Your response should consist solely of the records, written out exactly.

____ Supplied records

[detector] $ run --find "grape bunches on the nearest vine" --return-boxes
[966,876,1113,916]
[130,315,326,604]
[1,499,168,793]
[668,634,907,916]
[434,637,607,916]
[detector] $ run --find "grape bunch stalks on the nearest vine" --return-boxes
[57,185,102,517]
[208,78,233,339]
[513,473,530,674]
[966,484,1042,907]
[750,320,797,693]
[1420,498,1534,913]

________

#### [The completed task]
[detector] $ run --find "grape bunches on the nearest vine" --return-boxes
[966,876,1113,916]
[130,315,326,604]
[1,499,168,793]
[668,634,907,916]
[434,637,607,916]
[detector] $ run --find "grape bunch stalks on the nearest vine" --return-boxes
[57,185,102,517]
[208,78,233,339]
[513,473,530,674]
[966,484,1042,907]
[750,320,797,693]
[1420,498,1534,913]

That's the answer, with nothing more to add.